Implementation (Lightweight GraphRAG): This implementation will follow the pattern of "Lightweight GraphRAG with SQLite".33
Schema: The SQLite DB must contain tables like entities (id, name, type, filePath, code_snippet) and relationships (sourceId, targetId, type).33
Meta-Path Retrieval: A full graph traversal is too slow. The solution is to adopt the "Pseudo-Knowledge Graph" (PKG) approach.19 In this model, common, meaningful paths (meta-paths) are pre-calculated and stored as text attributes on the nodes. For example, a function node could have an attribute meta_paths: "called_by: [api_controller_A]; calls:".
Retrieval Node: The retrieve_graph node will not perform complex traversal. Instead, it will use the sqlite-vec extension 33 to perform a semantic vector search directly on the name, code_snippet, and meta_paths text columns of the entities table. This provides the power of GraphRAG (finding nodes based on their relationships) without the computational overhead, perfectly matching the "lightweight" and "no-AST" constraints.
Strategy C: Governance Memory (Temporal)
Implementation: This will be the simplest retriever node. The retrieve_audit function will be a custom Python function that connects to the audit log (likely another SQLite DB or log file) and performs basic SQL LIKE queries for keywords or date-range filters to answer temporal queries.
2.5. Component 3: Heterogeneous Result Fusion
The Problem: The three retrievers (and the hybrid vector retriever) will produce 3-4 ranked lists of documents with completely different and incompatible scoring mechanisms (e.g., cosine similarity, BM25 scores, SQL matches).38
The Solution: Reciprocal Rank Fusion (RRF): RRF is a simple, non-LLM algorithm that is perfectly suited for this task.30 It is score-agnostic; it only uses the rank of each document in each list.
Algorithm: The fuse_results node will implement the RRF formula. For each unique document retrieved, its new score is calculated by summing its score from each list:
$$RRF_{Score}(doc) = \sum_{list \in lists} \frac{1}{k + rank_{list}(doc)}$$
rank_{list}(doc) is the document's position in that retriever's list (e.g., 1st, 2nd, 3rd).
k is a constant (a good default is $k=60$) that diminishes the impact of lower-ranked items.41
This algorithm naturally surfaces documents that are "consistently relevant" across multiple retrieval strategies, providing a highly-fused and reliable context.
2.6. Component 4: The Quality Verifier (The "Guardrail")
This node is the core of the self-correction loop and the primary defense against hallucination.
Objective: Verify if the fused context from the RRF node is actually relevant to the user's query before passing it to the expensive Layer 3 generation LLM.42
Metrics: This node evaluates Context Relevance: "Does the retrieved context contain the information needed to answer the query?".10
Implementation (Small LLM-as-Grader): This node uses the same local Ollama model as the classifier.7
Node: verify_context(state)
Prompt: Given the Query: "{query}" and the Context: "{context}". Does the context contain information to answer the query? Respond with a JSON object: {"score": "yes" | "no", "reason": "..."}.
This check adds minimal latency (e.g., 100-200ms) but is the key to cost-savings and quality. It stops the system from wasting time and money (and risking a hallucination) by sending irrelevant context to a powerful generator. This step is the primary driver for achieving the 50%+ hallucination reduction goal.
2.7. Component 5: The Iterative Refiner (The Self-Correction Loop)
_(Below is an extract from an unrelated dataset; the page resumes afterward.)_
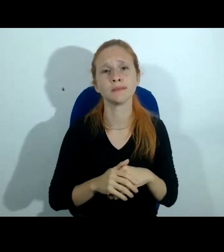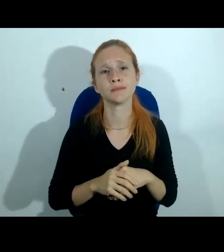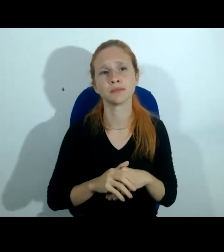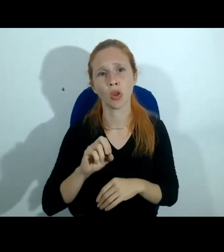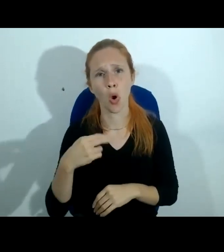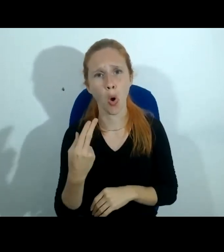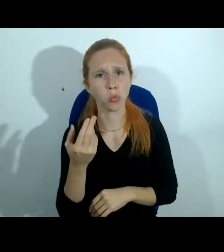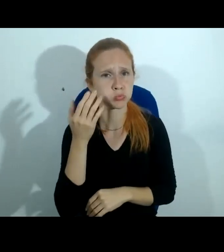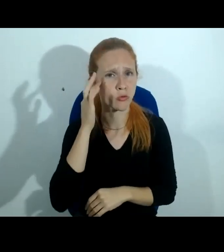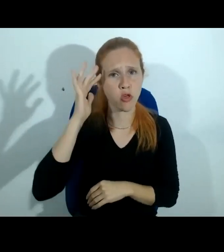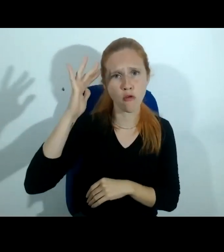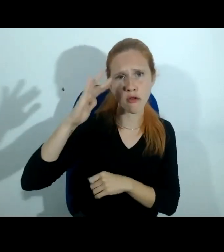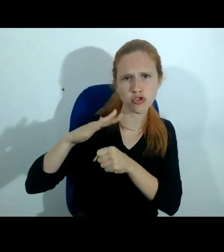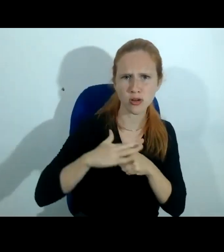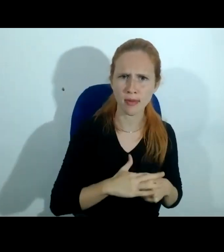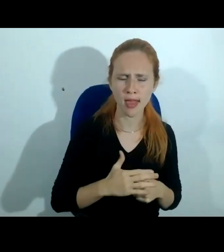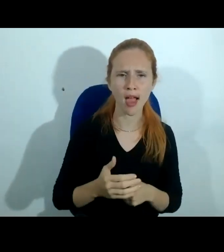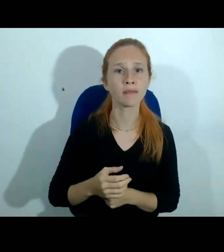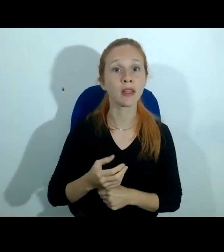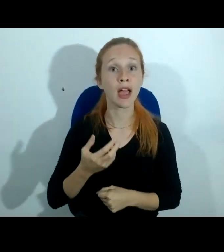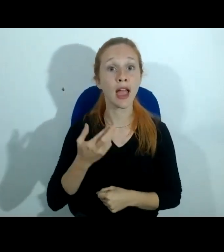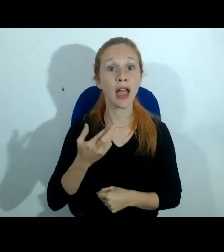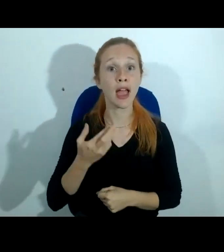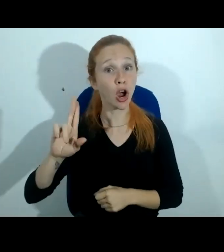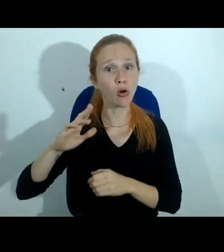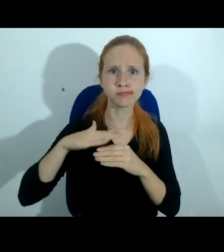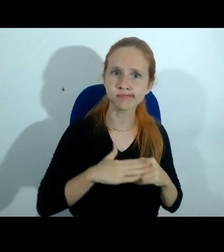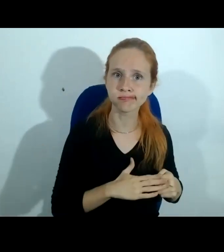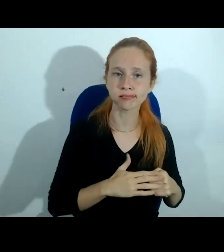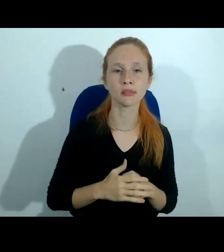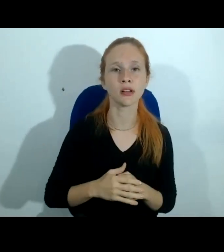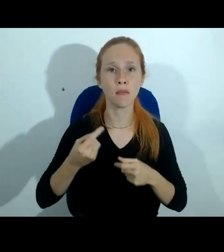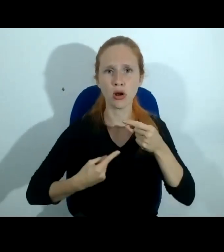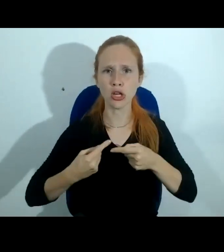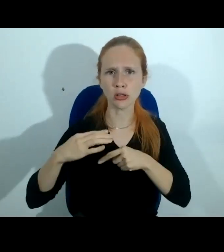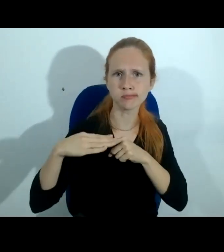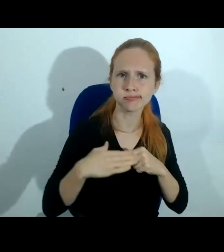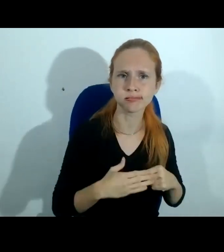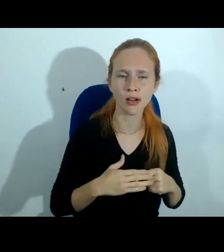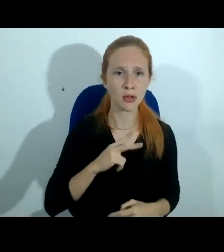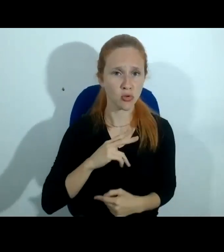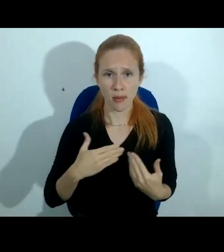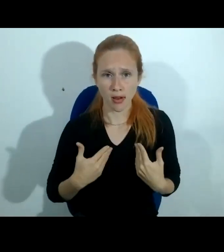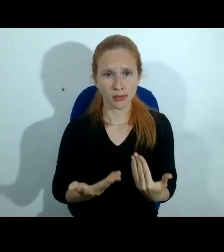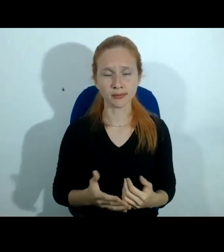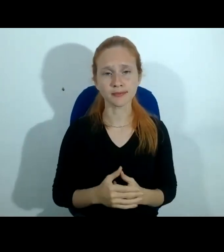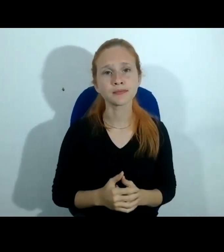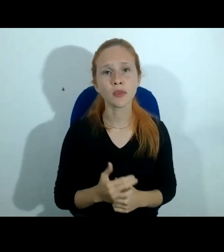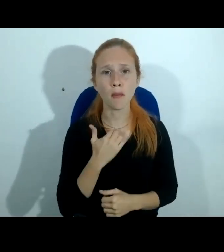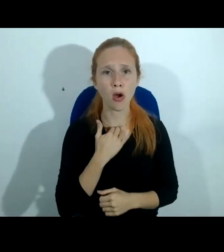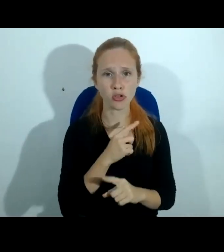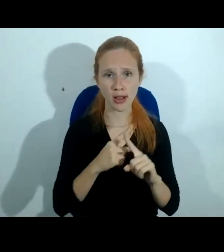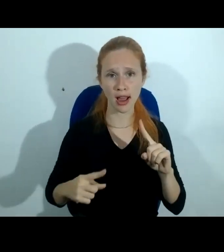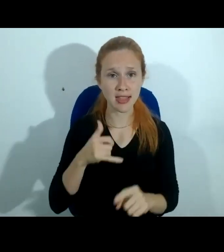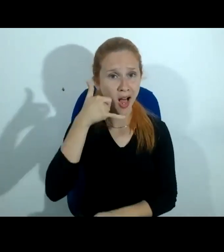filosóficas posições religiosas posições políticas então a gente não tem como negar hoje em dia o celular

This component activates when the Quality Verifier fails.
Trigger: The verify_context node returns {"score": "no"}.9
Implementation (Query Reformulation): The graph transitions to the reformulate_query node.24
Node: reformulate_query(state)
Prompt: The user asked: "{query}". The last retrieval failed. Reformulate this query to be more specific or to search for a related concept. Respond with a JSON object: {"new_query": "..."}.
The GraphState is updated, and the graph cycles back to the route_retrieval node to try again with the new query.
Stopping Criteria: An un-bounded loop is a production-killer. The system must have strict stopping criteria.48
Quality Threshold: The loop stops if verify_context returns {"score": "yes"}.
Max Iterations: A loop_count is added to the GraphState. The loop is hard-limited to a max_iterations = 1 (i.e., one initial pass, one refinement). This bounds the worst-case routing latency and prevents infinite loops, striking a balance between accuracy and performance.
3. Implementation Plan (Phased Rollout for v4.2.0)
This plan is designed for a phased, agile rollout to integrate the Adaptive Context Router by v4.2.0.
Phase 1: Foundation (Classifier & Router Scaffolding)
Timeline: 3 Days
Objective: Build the core LangGraph skeleton and the "brain" of the router.
Tasks:
Setup Environment: Initialize the project with langchain, langgraph, ollama, faiss-cpu, langchain-nomic (for embeddings), and scikit-learn (for BM25).7
Define GraphState: Create the Python TypedDict for the GraphState.7 This state must include question, classified_strategies (list), retrieved_docs (dict of lists), fused_docs (list), verification_score (str), and loop_count (int).
Build Classifier Node: Implement the classify_query node using ChatOllama with llama3.2:3b-instruct-fp16.7 Prompt it to return JSON matching the schema in Table 1.
Stub Retrievers: Create placeholder functions for retrieve_vector, retrieve_graph, and retrieve_audit that return mock data.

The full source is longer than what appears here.